SEBI reply on purchase of shares by promoter group from open market during pendency of QIP

4.2. With respect to query at para 3.1:

4.2.1. In your letter, you have sought whether the pending QIP issue upto Rs. 2,000 crores, its pricing and probable impact on Share Capital of the Company, be considered as Unpublished Price Sensitive Information (“UPSI”).

4.2.2. It is noted that the QIP issue will increase the capital of the company and in turn lead to a “change in capital structure” of the company. Change in capital structure of the Company is per se UPSI as per Regulation 2 (1) (n) of PIT Regulations.

4.2.3. Accordingly, the pending QIP issue, its pricing and probable impact on Share Capital of the Company, is a UPSI.

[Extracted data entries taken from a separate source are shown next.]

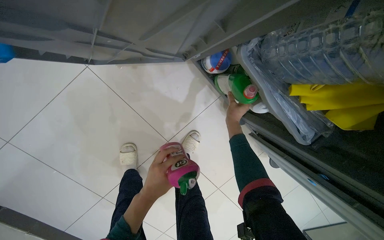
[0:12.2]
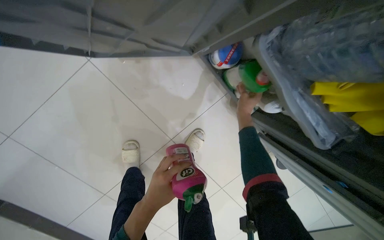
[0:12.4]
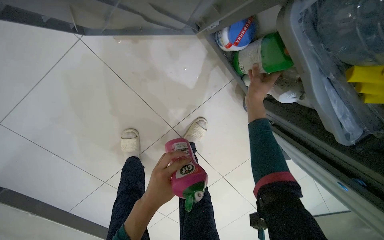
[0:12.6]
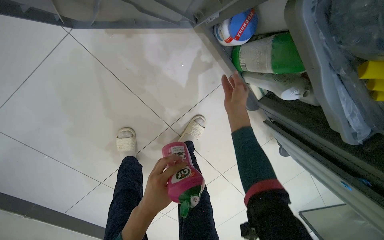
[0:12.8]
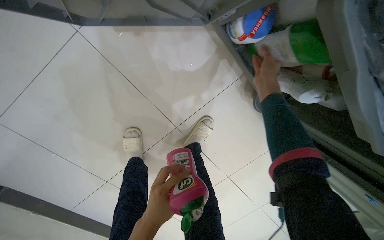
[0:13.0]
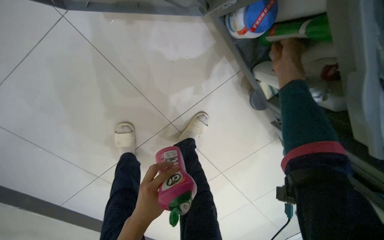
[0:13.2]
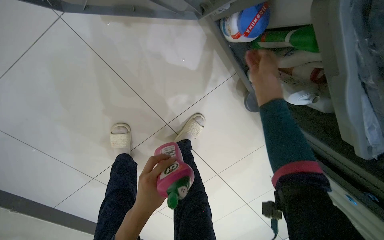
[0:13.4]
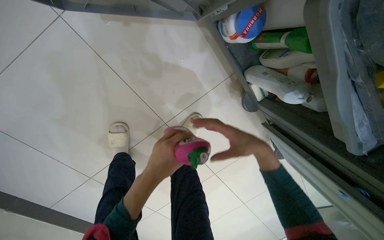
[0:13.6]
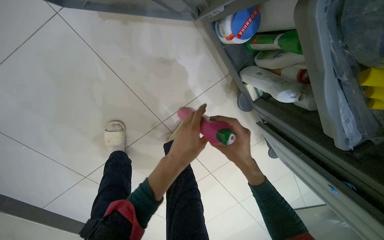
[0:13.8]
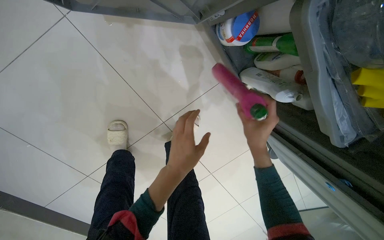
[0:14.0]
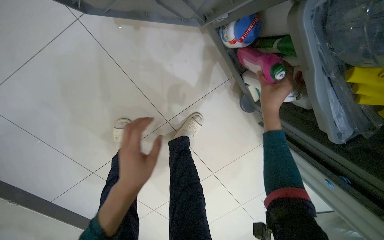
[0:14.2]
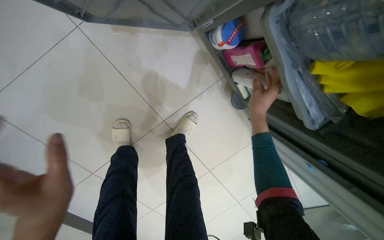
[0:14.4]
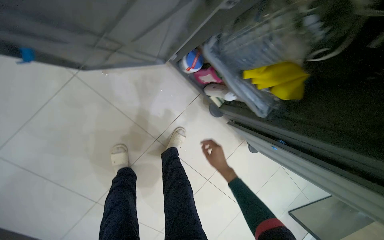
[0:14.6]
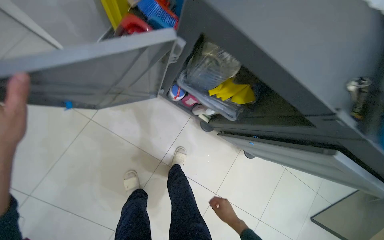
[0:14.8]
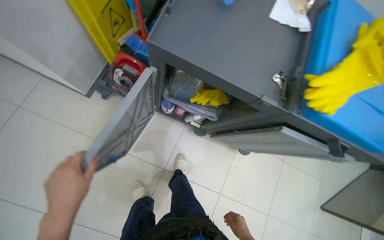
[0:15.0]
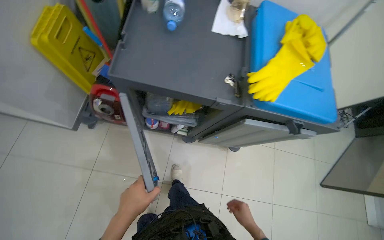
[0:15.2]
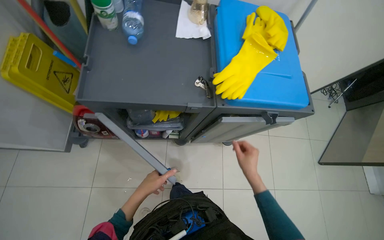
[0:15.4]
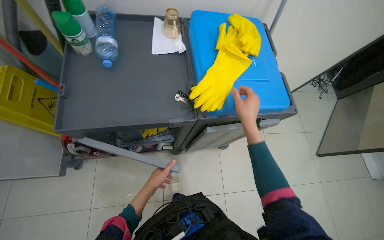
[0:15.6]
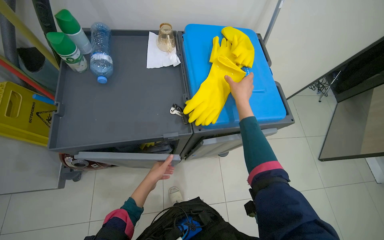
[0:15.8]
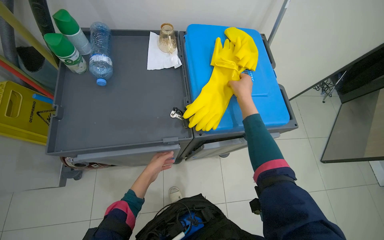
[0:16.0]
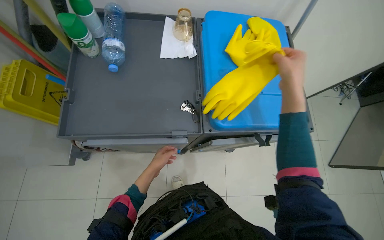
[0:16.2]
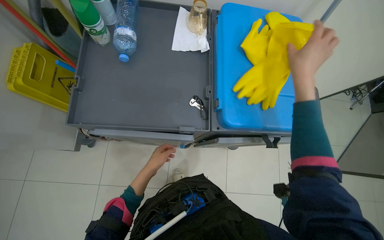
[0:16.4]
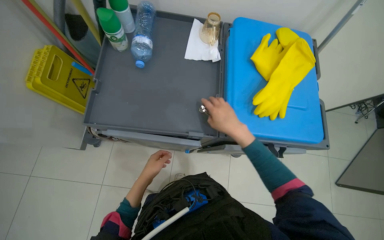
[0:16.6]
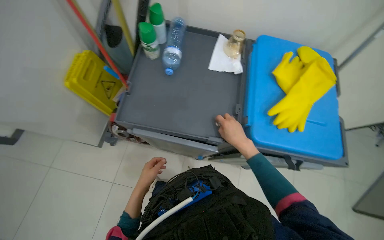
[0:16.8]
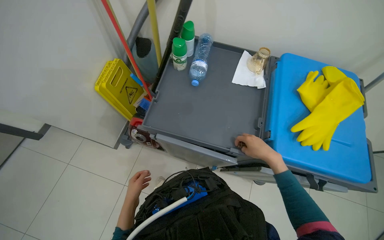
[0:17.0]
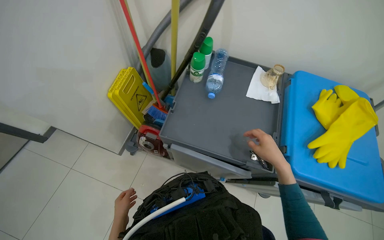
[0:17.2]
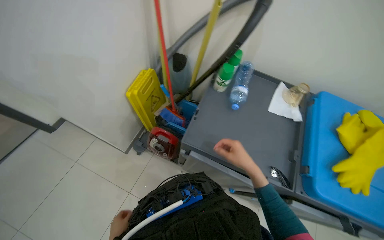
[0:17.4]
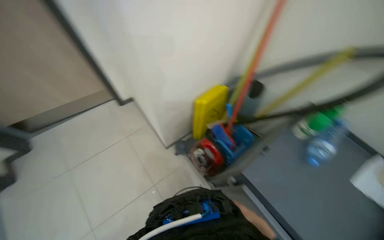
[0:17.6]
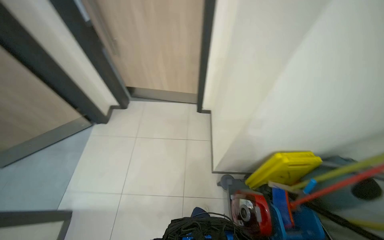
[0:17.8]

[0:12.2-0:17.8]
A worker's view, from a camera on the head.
Job: preparing cleaning supplies.
The whole recording: Organizing and preparing cleaning supplies. The worker adds liquid to a bucket, puts away cleaning bottles, puts on gloves, and closes the cleaning cart.
0:12.2 to 0:13.6: The right hand goes up the picture and returns, roughly 15 cm each way.
0:13.6 to 0:15.0: The camera is carried about 60 cm. The wearer looks approximately 30 degrees further upward. The scene rotates counterclockwise by approximately 30 degrees.
0:16.4 to 0:17.8: The camera travels about 60 cm. The head turns to the left by about 90 degrees. The wearer looks approximately 25 degrees further upward.

4.3. With respect to query at para 3.2:

4.3.1. In your letter, you have sought whether individual promoters which include the Chairman & Managing Director and Executive Director & CEO of the company or any member of the promoter group can purchase shares of the Company from open market during pendency of QIP.

4.3.2. As per regulation 2(1) (g), “insider” means a “connected person” or a person “in possession of or having access to unpublished price sensitive information”. Regulation 2(1) (d) provides that a “connected person” means any person who is or has during the six months prior to the concerned act been associated with the company, directly or indirectly, in any capacity or by being a director, officer or an employee of the company holds any position that allows such person, directly or indirectly, access to UPSI or is reasonably expected to allow such access. Therefore, the Chairman & Managing Director and Executive Director & CEO of the Company are “connected persons” and thereby deemed to be “insiders”. Further, based on facts and circumstances of each case, a member of the Promoter Group may be deemed to be “connected person” or may be in possession of UPSI or may have access to UPSI. Hence, such members of the Promoter Group may also be covered under the definition of “insider”.

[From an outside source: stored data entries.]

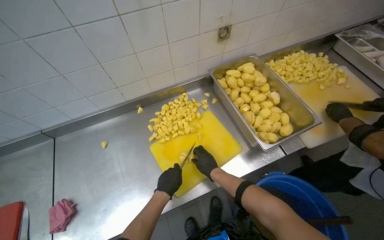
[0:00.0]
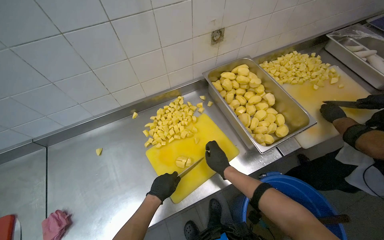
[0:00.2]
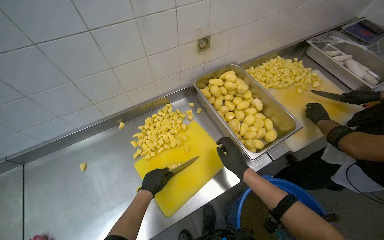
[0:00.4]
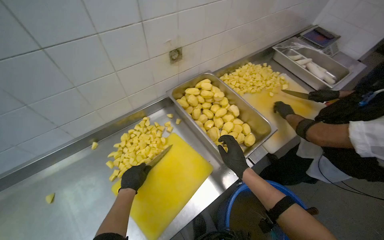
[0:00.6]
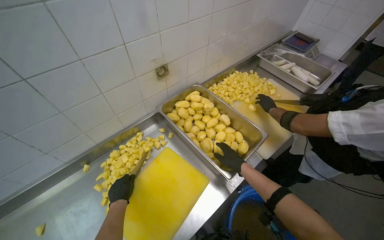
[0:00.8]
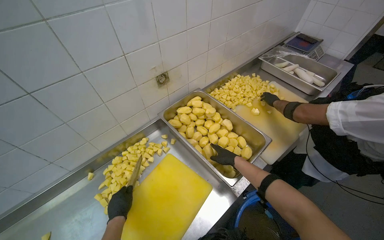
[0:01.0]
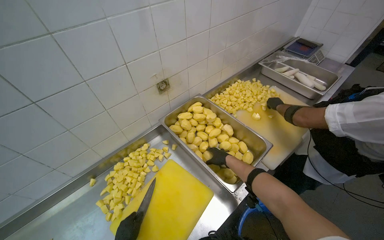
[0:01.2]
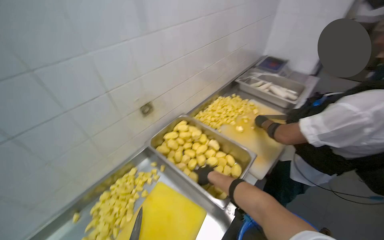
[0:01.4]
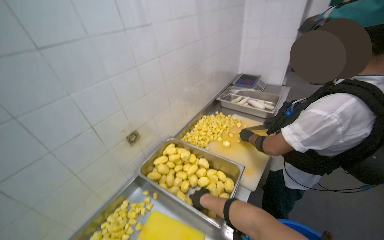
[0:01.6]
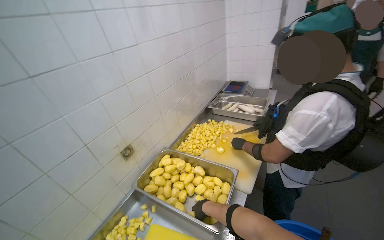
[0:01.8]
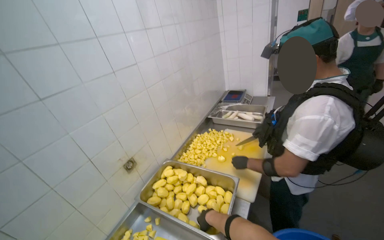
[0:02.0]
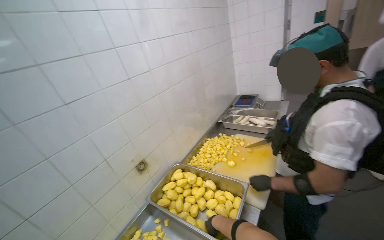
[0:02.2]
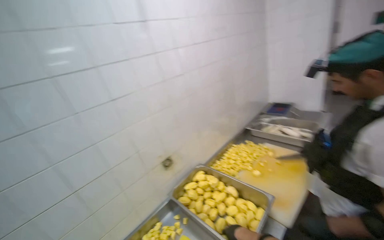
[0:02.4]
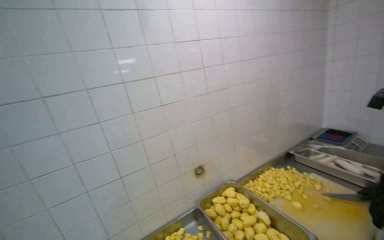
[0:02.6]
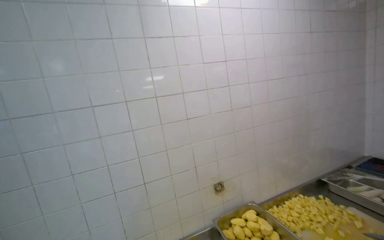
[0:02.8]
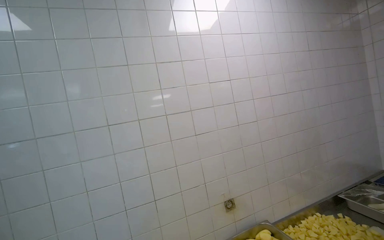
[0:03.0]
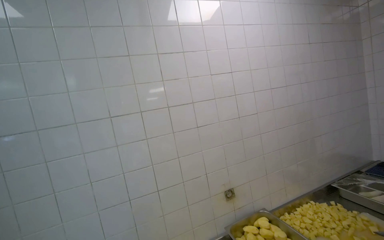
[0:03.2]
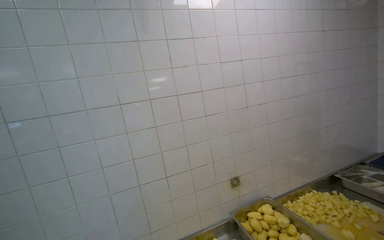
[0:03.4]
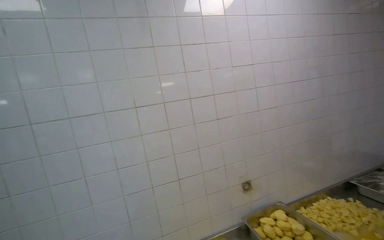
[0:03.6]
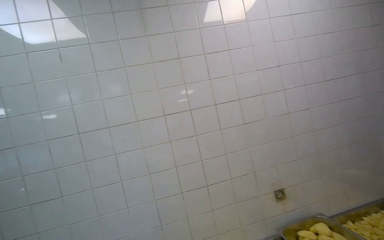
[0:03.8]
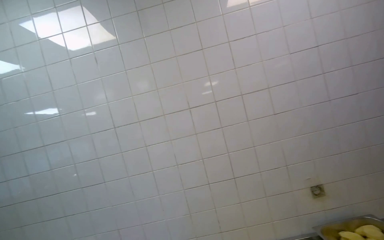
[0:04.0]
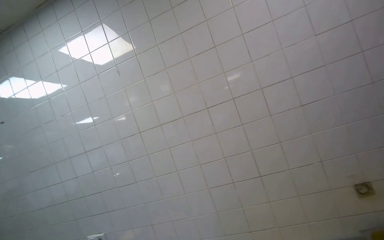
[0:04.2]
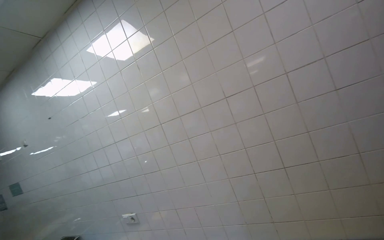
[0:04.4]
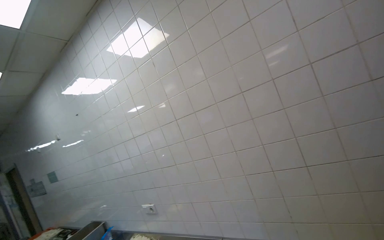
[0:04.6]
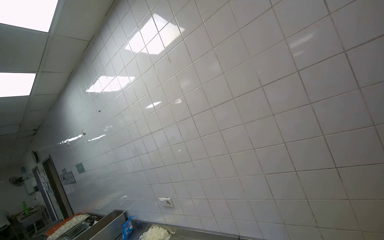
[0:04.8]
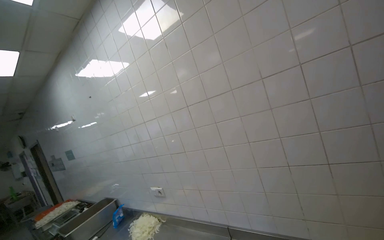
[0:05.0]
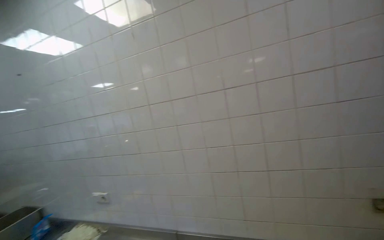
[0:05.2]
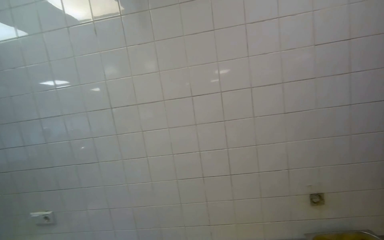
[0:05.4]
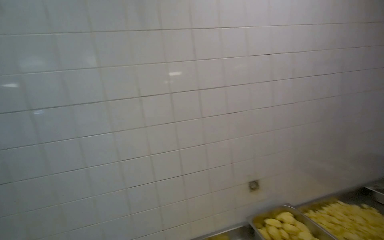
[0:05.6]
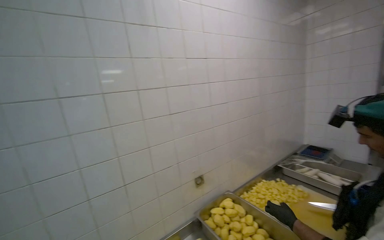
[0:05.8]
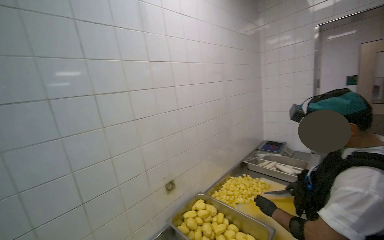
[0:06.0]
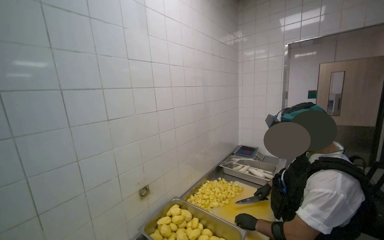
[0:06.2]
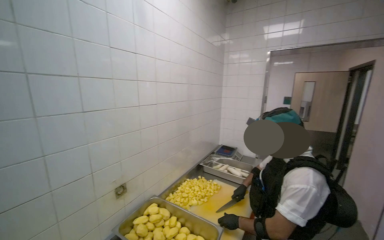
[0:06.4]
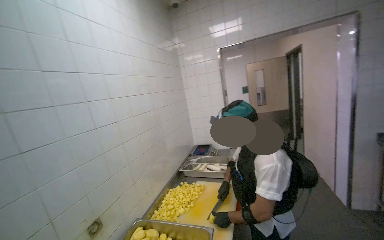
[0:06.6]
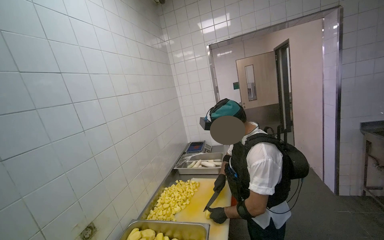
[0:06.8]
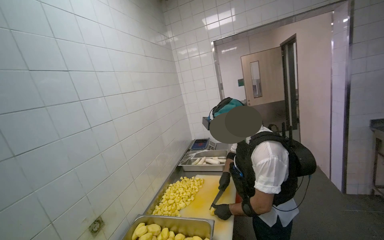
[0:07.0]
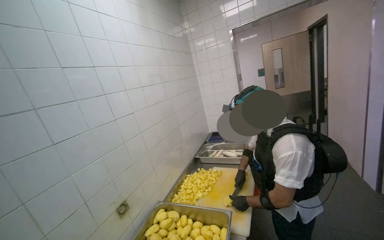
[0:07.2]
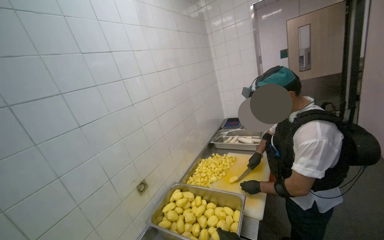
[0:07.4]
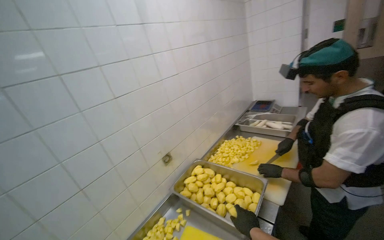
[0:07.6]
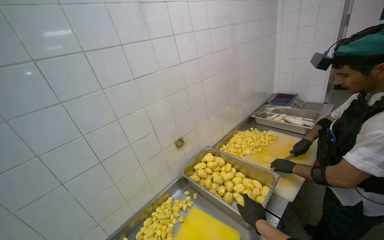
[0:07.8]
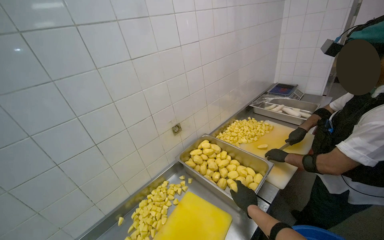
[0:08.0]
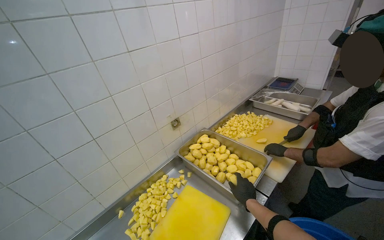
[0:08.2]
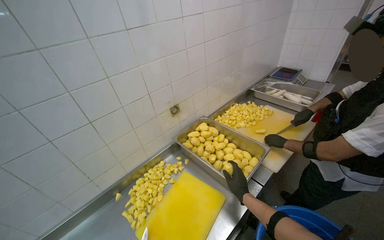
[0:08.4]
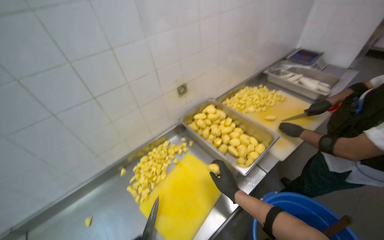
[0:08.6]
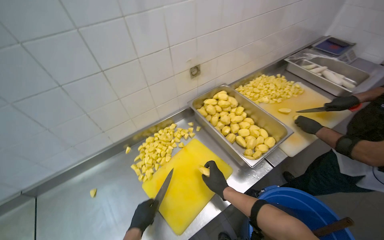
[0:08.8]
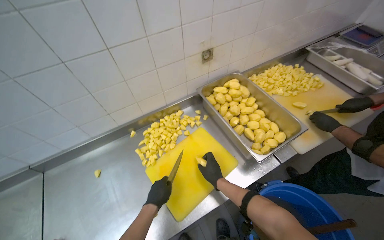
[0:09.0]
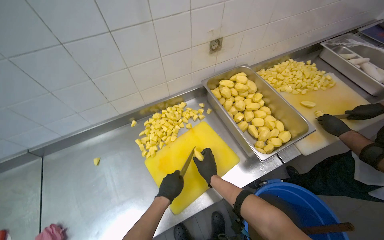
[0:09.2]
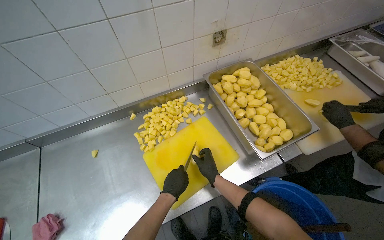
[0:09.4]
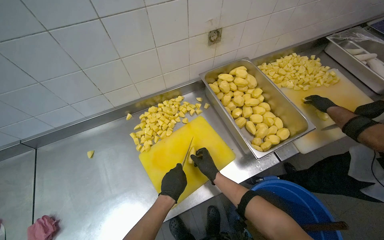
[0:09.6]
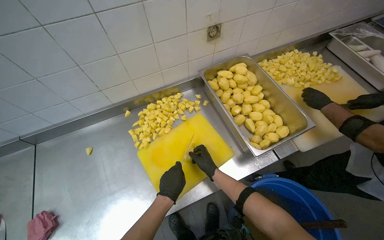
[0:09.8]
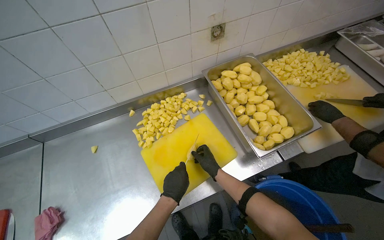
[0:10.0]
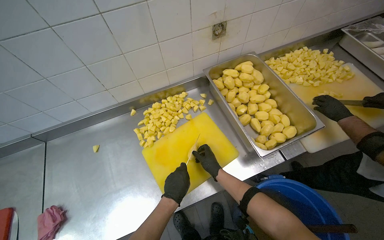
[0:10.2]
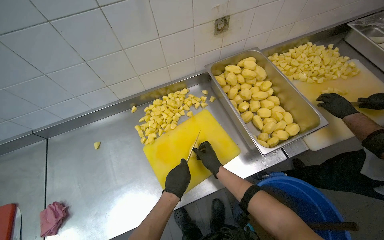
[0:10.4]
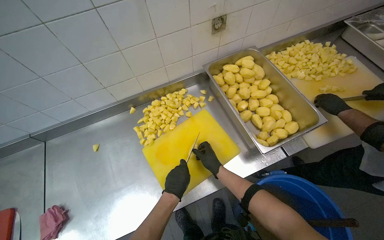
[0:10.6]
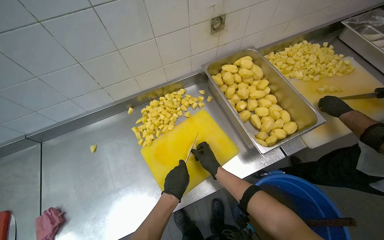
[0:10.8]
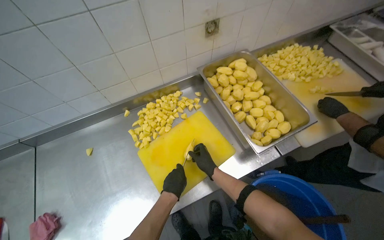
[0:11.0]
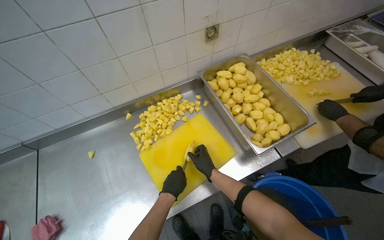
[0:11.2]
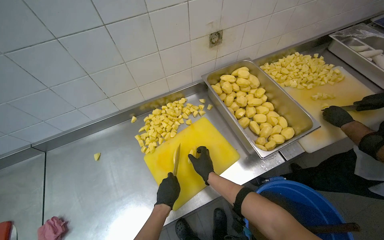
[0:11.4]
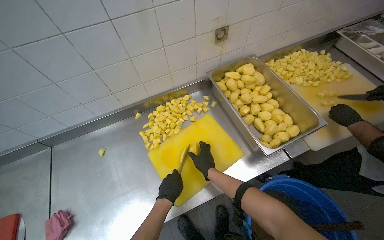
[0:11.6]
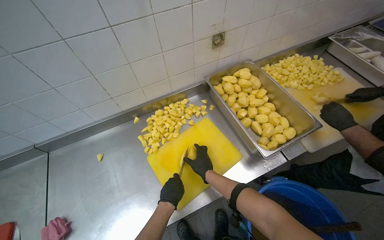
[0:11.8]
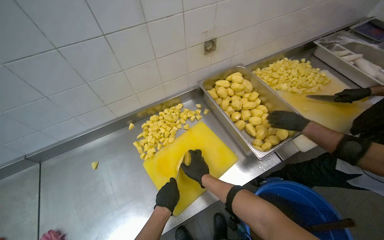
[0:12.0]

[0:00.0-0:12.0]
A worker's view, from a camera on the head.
Job: preparing food.
The whole recording: Cutting potatoes into pieces. The worker cuts peeled potatoes into small pieces on a yellow cutting board.
0:00.0 to 0:01.6: The wearer's head swings some 35 degrees to the right. The view tips upward by some 25 degrees. The right hand goes to the right and returns, about 25 cm each way.
0:01.6 to 0:03.0: The camera sweeps to the left, by some 40 degrees. The view tilts some 30 degrees upward.
0:03.0 to 0:04.4: The camera is aimed roughly 35 degrees further to the left.
0:04.4 to 0:06.0: The view swings about 65 degrees to the right.
0:06.0 to 0:07.6: The camera pitches downward, by some 15 degrees.
0:07.6 to 0:09.0: The view tips downward by approximately 35 degrees.

4.3.3. Regulation 3 of PIT Regulations inter alia prohibits the communication or procurement of UPSI to any person including other insiders except where such communication is used for legitimate purposes and for performance of duties or discharge of legal obligations. Further, regulation 4(1) of the PIT Regulations inter alia states that no insider shall trade in securities that are listed or proposed to be listed on a stock exchange when in possession of the UPSI.

4.3.4. It may be noted that proviso to regulation 4(1) of the PIT Regulations provides the circumstances which an insider may demonstrate to prove his innocence; which inter alia includes a trading plan set up in accordance with regulation 5 of the PIT Regulations. Regulation 5 of the PIT Regulations provides an option to persons who may be perpetually in possession of UPSI, to trade by formulating a trading plan in compliance with the procedure mentioned in the regulation.

5. This position is specific to the information furnished in the letter under reference. Any difference in facts or conditions may entail different interpretation. Further, this letter does not contain any decision of the Board on the queries referred.

6. It may also be noted that the above views are expressed only with respect to the clarification sought in the letter under reference with respect to the PIT Regulations and do not affect the requirements or applicability of any of the provisions of the Securities and Exchange Board of India Act, 1992, or the rules or the regulations made thereunder that are administered by the Securities and Exchange Board of India or by any other authority.